Comparison between WRF-SCM and 1D RANS Models
We are doing a comparison between the 1D RANS model from the the slides and WRF Single Column model.
WRF- Single Column model
We will be using the WRF- Single Column model (WRF-SCM), which is an ideal case in WRF. The ideal case in WRF uses idealized inputs rather than observational data like in real cases. The SCM-WRF runs on a 3x3 domain with boundary conditions on X and Y. There is no horizontal gradient and each variable runs through the single column. The initial conditions are given in the input_sounding and input_soil files.
Summary of Presentation
Introduction
The presentation slides for the FogDew meeting in 2023 showed a 1D PBL model. It is a simple 1-D RANS model for the Planetary Boundary Layer's temporal evolution and it is expanded to incorporate water vapor, cloud droplets, and their exchanges. This includes radiative fluxes and flux divergence. It considers the underlying ocean surface as a source of water vapor and a sink for cloud or fog droplets. Under constant sea surface temperature and steady wind, initially, dry air moistens near the surface due to turbulent mixing. This leads to a well-mixed layer with decreasing temperature and increasing water vapor mixing ratio with height. Eventually, the air becomes saturated, forming stratus clouds. If this saturated air is later transported over colder water, it cools, lowering the stratus cloud base, and possibly leading to fog extending to the surface.

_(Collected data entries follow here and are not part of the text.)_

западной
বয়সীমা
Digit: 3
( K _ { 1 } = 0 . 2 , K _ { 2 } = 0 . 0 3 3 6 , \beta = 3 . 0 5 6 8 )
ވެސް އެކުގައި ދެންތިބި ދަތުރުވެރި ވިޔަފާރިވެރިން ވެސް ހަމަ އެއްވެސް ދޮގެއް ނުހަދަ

There are different types of fog and and the main differences between land fog and marine fog are listed below:
Land Fog
On land, it is mostly radiation fog and there is nocturnal cooling of the land surfaces.

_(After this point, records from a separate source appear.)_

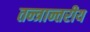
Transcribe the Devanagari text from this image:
तन्त्रान्तरीय
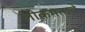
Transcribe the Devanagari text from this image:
लोकमताचे
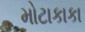
મોટાકાકા
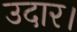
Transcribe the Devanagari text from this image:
उदार।
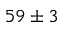
5 9 \pm 3

Stable stratification and light winds and may have drainage flow of cold air to lower locations.
Uphill winds leading to adiabatic cooling.
Onshore advection of marine fog in coastal areas.
Marine Fog
Surface radiation effects are small due to the large heat capacity of water and there is low diurnal temperature variations.
Moderate to strong winds affect fog and stratus lowering may occur.
Warm, moist air moving to the colder sea surface of the ocean lead to advection fog.
Tidal mixing of the sea affect fog formation and stability. Eg: Yellow Sea.
The setup
For the first part of the presentation, the simulation is run for 5 days and there is no radiation introduced. There are various conditions set as inputs such as q_l equaling q_sat, and the skin temperature set at 299 K. Introducing a stable stratification characterized by a gradient of dθ/dz = 1 K/km and a constant wind profile Ug = (20,0) m/s. The WRF-SCM is simulated over 5 days, with a subsequent analysis of various variables plotted against height, including temperature, potential temperature, relative humidity (RH), and horizontal wind components (U, V).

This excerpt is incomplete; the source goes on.